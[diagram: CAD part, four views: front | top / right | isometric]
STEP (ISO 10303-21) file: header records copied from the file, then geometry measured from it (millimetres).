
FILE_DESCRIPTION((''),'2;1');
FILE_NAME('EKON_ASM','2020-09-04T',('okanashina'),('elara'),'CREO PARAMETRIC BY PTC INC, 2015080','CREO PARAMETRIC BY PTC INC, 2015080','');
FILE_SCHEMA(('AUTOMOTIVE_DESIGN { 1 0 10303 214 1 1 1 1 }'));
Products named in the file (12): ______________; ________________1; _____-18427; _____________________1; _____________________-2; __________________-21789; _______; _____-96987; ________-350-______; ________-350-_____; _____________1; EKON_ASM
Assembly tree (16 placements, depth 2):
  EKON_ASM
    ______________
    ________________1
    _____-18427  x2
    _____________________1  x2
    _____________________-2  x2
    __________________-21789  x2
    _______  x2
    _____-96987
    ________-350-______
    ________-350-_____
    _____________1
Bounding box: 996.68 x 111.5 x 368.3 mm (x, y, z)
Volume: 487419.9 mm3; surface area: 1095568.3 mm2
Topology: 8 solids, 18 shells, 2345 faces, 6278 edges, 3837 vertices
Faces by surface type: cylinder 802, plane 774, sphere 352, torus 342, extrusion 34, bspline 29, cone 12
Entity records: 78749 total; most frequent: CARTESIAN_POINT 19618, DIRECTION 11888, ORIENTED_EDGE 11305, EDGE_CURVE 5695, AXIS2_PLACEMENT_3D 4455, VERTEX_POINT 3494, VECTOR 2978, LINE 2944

○ ○ ○ ○ ○

[EXERCISE GOAL]: The answer must be the line containing "PTC INC, 2015080','');" and every line after it to the end of the records, repeated exactly.

[SOLUTION TO THIS TASK]:
FILE_NAME('EKON_ASM','2020-09-04T',('okanashina'),('elara'),'CREO PARAMETRIC BY PTC INC, 2015080','CREO PARAMETRIC BY PTC INC, 2015080','');
FILE_SCHEMA(('AUTOMOTIVE_DESIGN { 1 0 10303 214 1 1 1 1 }'));
Products named in the file (12): ______________; ________________1; _____-18427; _____________________1; _____________________-2; __________________-21789; _______; _____-96987; ________-350-______; ________-350-_____; _____________1; EKON_ASM
Assembly tree (16 placements, depth 2):
  EKON_ASM
    ______________
    ________________1
    _____-18427  x2
    _____________________1  x2
    _____________________-2  x2
    __________________-21789  x2
    _______  x2
    _____-96987
    ________-350-______
    ________-350-_____
    _____________1
Bounding box: 996.68 x 111.5 x 368.3 mm (x, y, z)
Volume: 487419.9 mm3; surface area: 1095568.3 mm2
Topology: 8 solids, 18 shells, 2345 faces, 6278 edges, 3837 vertices
Faces by surface type: cylinder 802, plane 774, sphere 352, torus 342, extrusion 34, bspline 29, cone 12
Entity records: 78749 total; most frequent: CARTESIAN_POINT 19618, DIRECTION 11888, ORIENTED_EDGE 11305, EDGE_CURVE 5695, AXIS2_PLACEMENT_3D 4455, VERTEX_POINT 3494, VECTOR 2978, LINE 2944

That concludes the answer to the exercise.